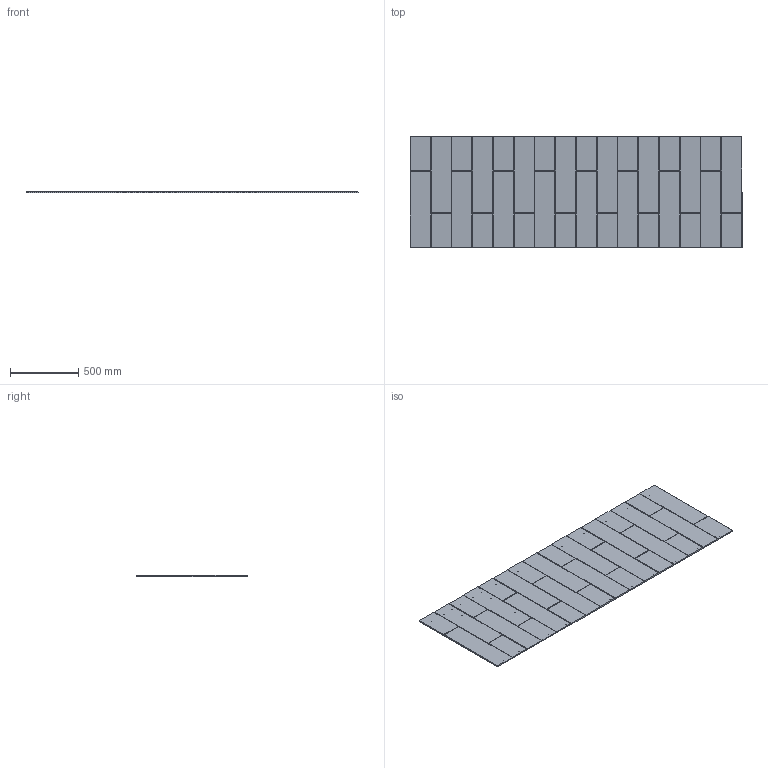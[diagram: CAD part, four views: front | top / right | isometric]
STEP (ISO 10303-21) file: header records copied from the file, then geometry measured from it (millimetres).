
FILE_DESCRIPTION (( 'STEP AP203' ), '1' );
FILE_NAME ('MSMK9632.STEP', '2021-10-26T14:07:42', ( '' ), ( '' ), 'SwSTEP 2.0', 'SolidWorks 2020', '' );
FILE_SCHEMA (( 'CONFIG_CONTROL_DESIGN' ));
Length unit declared in the file: inch
Products named in the file (1): MSMK9632
Bounding box: 2438.4 x 812.8 x 9.53 mm (x, y, z)
Volume: 18823436.7 mm3; surface area: 4036889.3 mm2
Topology: 1 solids, 1 shells, 718 faces, 1863 edges, 1180 vertices
Faces by surface type: plane 264, cylinder 254, bspline 125, torus 68, cone 4, sphere 3
Entity records: 36923 total; most frequent: CARTESIAN_POINT 20695, ORIENTED_EDGE 3724, DIRECTION 2782, EDGE_CURVE 1862, VERTEX_POINT 1180, AXIS2_PLACEMENT_3D 986, LINE 810, VECTOR 810

....

### EXERCISE:
Word for word, return the listing above; the pictures do not belong in the copy.

### ANSWER TO THIS PROBLEM:
[diagram: CAD part, four views: front | top / right | isometric]
STEP (ISO 10303-21) file: header records copied from the file, then geometry measured from it (millimetres).
FILE_DESCRIPTION (( 'STEP AP203' ), '1' );
FILE_NAME ('MSMK9632.STEP', '2021-10-26T14:07:42', ( '' ), ( '' ), 'SwSTEP 2.0', 'SolidWorks 2020', '' );
FILE_SCHEMA (( 'CONFIG_CONTROL_DESIGN' ));
Length unit declared in the file: inch
Products named in the file (1): MSMK9632
Bounding box: 2438.4 x 812.8 x 9.53 mm (x, y, z)
Volume: 18823436.7 mm3; surface area: 4036889.3 mm2
Topology: 1 solids, 1 shells, 718 faces, 1863 edges, 1180 vertices
Faces by surface type: plane 264, cylinder 254, bspline 125, torus 68, cone 4, sphere 3
Entity records: 36923 total; most frequent: CARTESIAN_POINT 20695, ORIENTED_EDGE 3724, DIRECTION 2782, EDGE_CURVE 1862, VERTEX_POINT 1180, AXIS2_PLACEMENT_3D 986, LINE 810, VECTOR 810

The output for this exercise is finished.